*** DATASET Section Begins ***

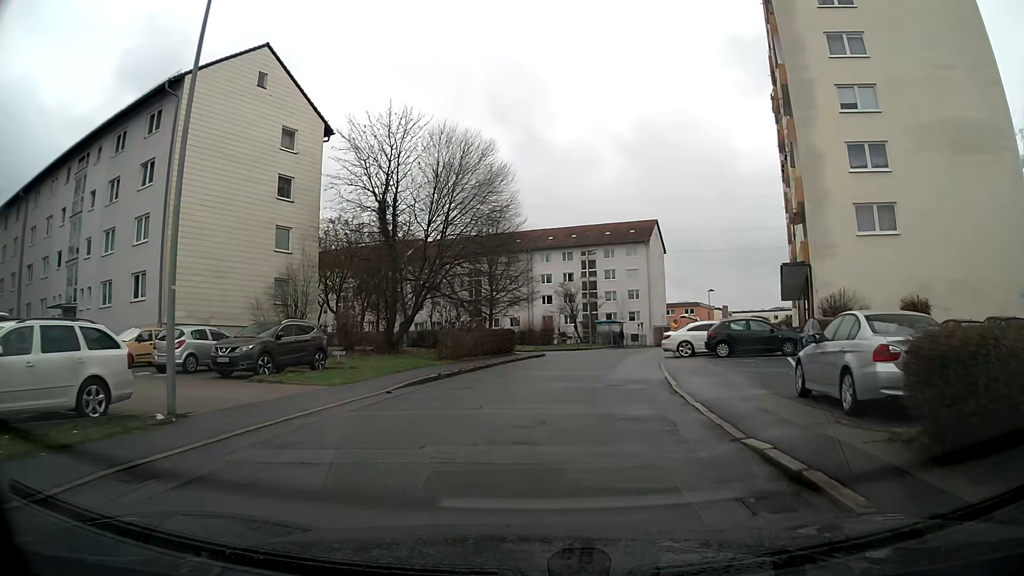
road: residential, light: Day
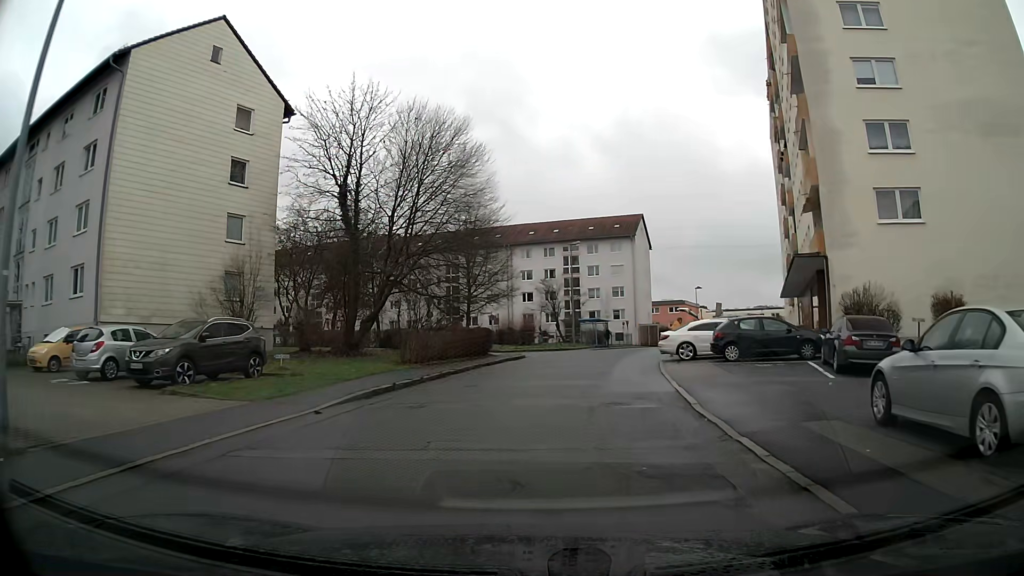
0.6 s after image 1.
(0.0, +3.6) m; +1°
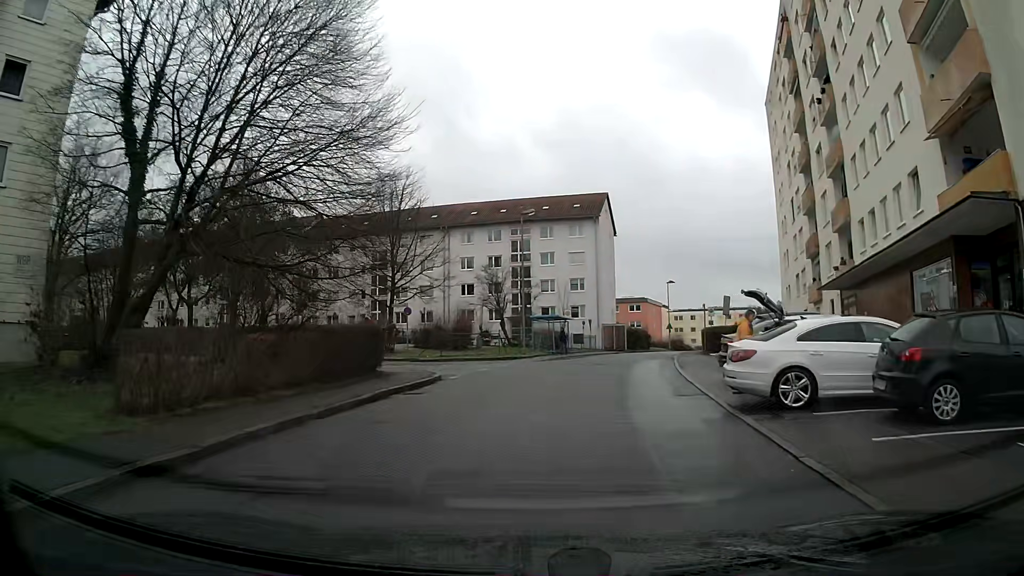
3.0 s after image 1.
(+0.5, +14.1) m; +4°
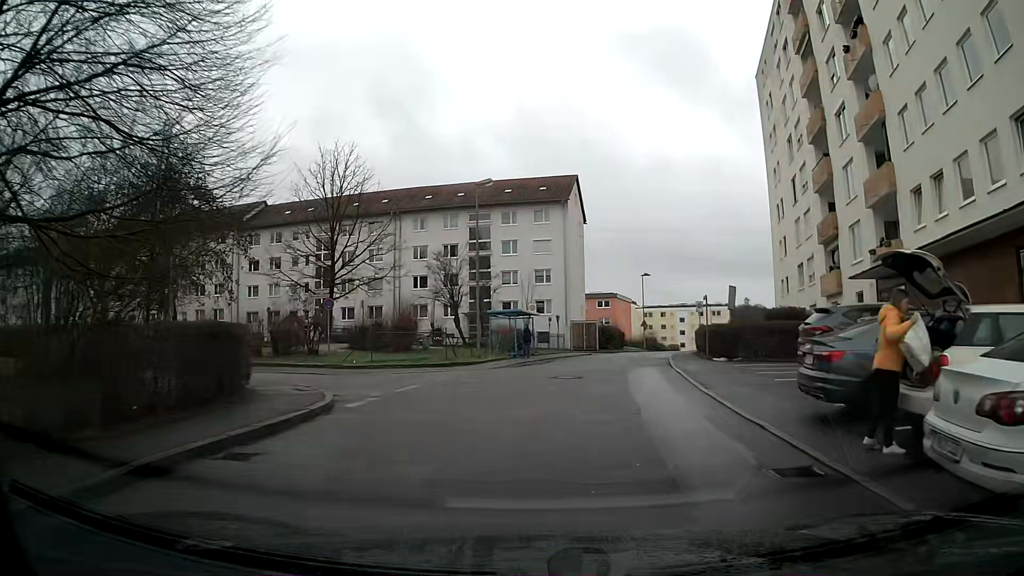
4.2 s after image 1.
(+0.2, +7.3) m; +4°
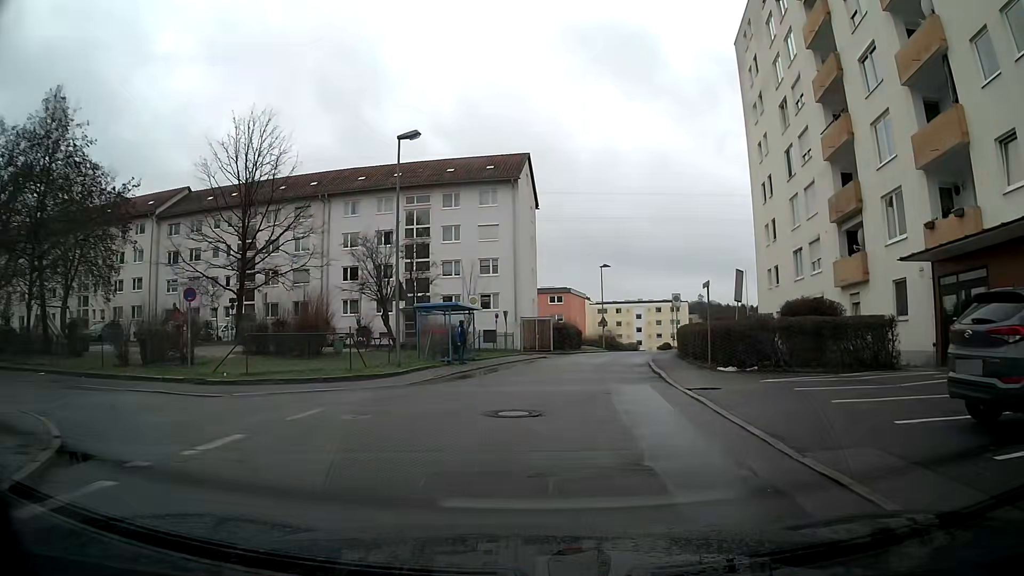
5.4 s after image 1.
(+0.3, +7.5) m; +4°
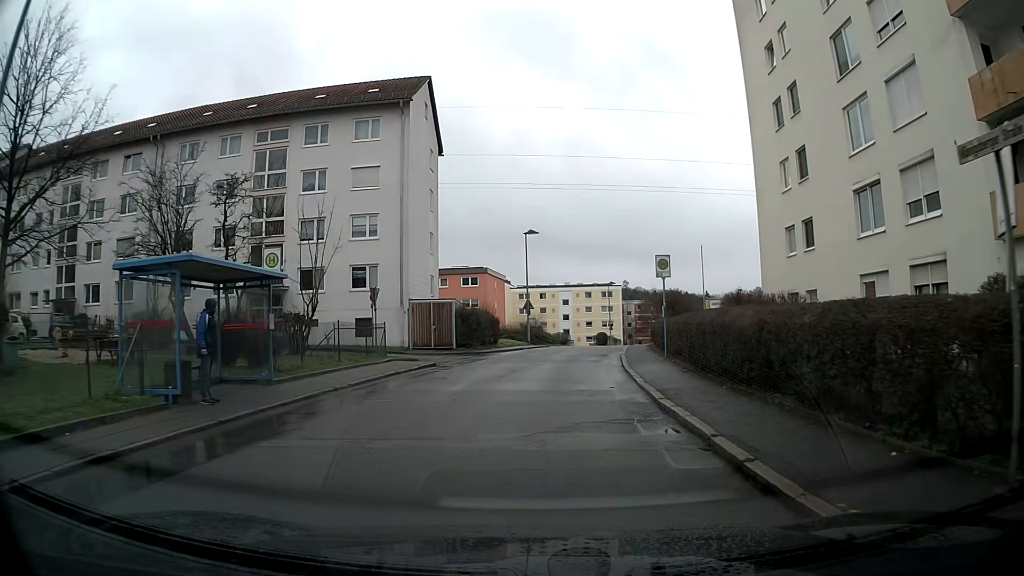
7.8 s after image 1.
(+1.0, +16.0) m; +6°
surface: asphalt
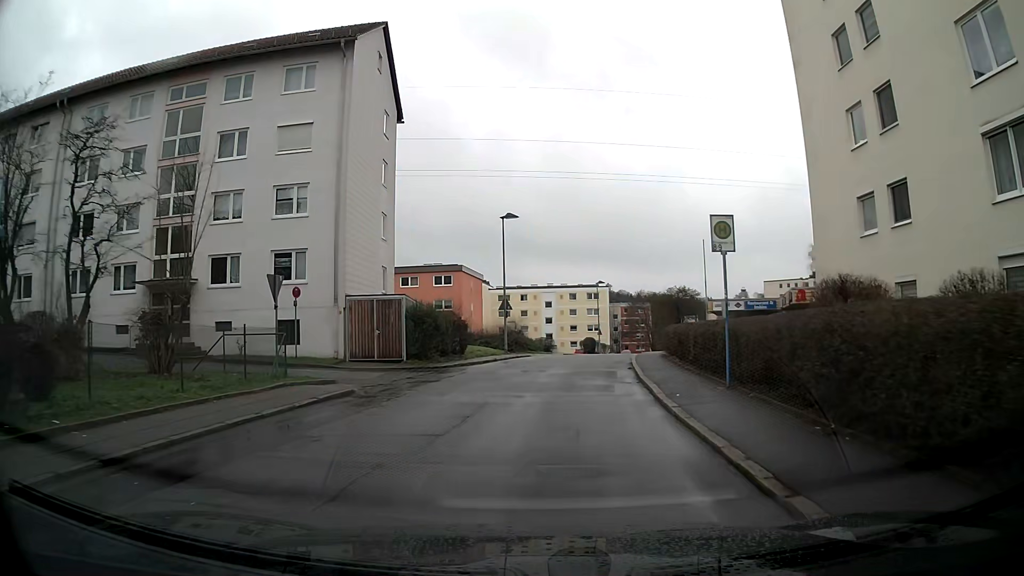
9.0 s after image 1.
(+0.1, +8.6) m; +1°
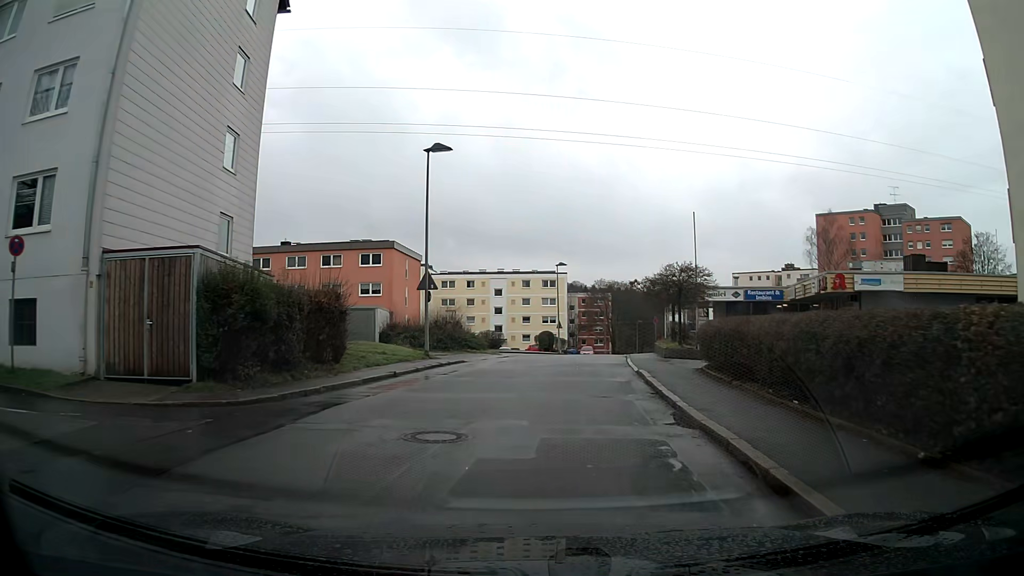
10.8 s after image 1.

*** DATASET Section Ends ***

Could you print all the entries exactly as they stand, with the pictures left out?

road: residential, light: Day
0.6 s after image 1.
(0.0, +3.6) m; +1°
3.0 s after image 1.
(+0.5, +14.1) m; +4°
4.2 s after image 1.
(+0.2, +7.3) m; +4°
5.4 s after image 1.
(+0.3, +7.5) m; +4°
7.8 s after image 1.
(+1.0, +16.0) m; +6°
surface: asphalt
9.0 s after image 1.
(+0.1, +8.6) m; +1°
10.8 s after image 1.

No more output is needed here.